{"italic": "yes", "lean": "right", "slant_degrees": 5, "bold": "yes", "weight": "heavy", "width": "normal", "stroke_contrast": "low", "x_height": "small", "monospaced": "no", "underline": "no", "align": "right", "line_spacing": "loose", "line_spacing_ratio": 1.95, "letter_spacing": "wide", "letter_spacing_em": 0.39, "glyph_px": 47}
* * * * * * * * *
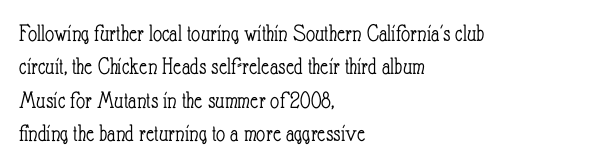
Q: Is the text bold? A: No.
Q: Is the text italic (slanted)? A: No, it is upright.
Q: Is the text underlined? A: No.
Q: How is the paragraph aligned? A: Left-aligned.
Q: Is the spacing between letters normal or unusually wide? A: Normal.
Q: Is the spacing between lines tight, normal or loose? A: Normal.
* * * * * * * * *
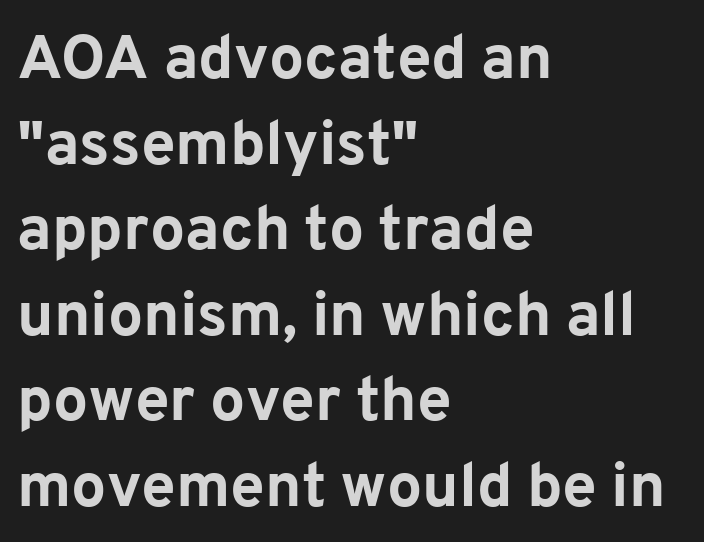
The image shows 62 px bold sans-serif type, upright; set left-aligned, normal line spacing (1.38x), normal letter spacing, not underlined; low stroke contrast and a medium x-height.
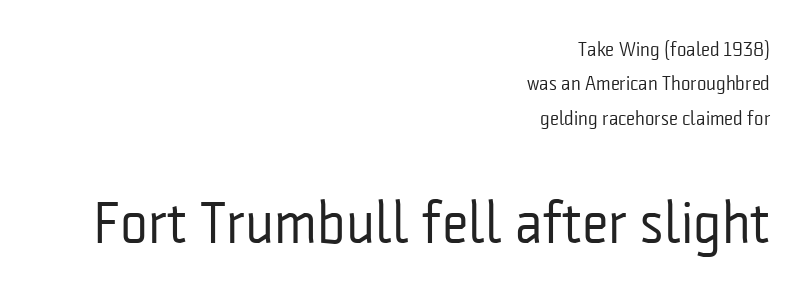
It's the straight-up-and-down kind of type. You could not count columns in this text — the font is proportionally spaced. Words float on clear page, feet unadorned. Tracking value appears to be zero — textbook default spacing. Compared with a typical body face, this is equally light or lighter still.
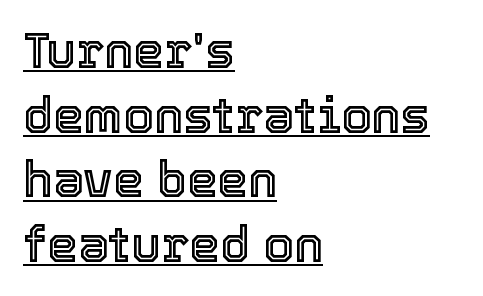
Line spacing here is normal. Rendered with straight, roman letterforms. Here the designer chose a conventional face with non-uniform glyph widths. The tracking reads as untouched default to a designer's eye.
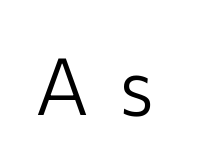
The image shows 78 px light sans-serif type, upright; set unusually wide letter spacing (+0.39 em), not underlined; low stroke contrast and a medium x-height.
* * * * * * * * *
▸ **Task prompt**
Which lines of the material above hold the string "loose"? Pull them out.

▸ **Solution to this task**
{"italic": "yes", "lean": "right", "slant_degrees": 5, "bold": "yes", "weight": "heavy", "width": "normal", "stroke_contrast": "low", "x_height": "small", "monospaced": "no", "underline": "no", "align": "right", "line_spacing": "loose", "line_spacing_ratio": 1.95, "letter_spacing": "wide", "letter_spacing_em": 0.39, "glyph_px": 47}
Q: Is the spacing between lines tight, normal or loose? A: Normal.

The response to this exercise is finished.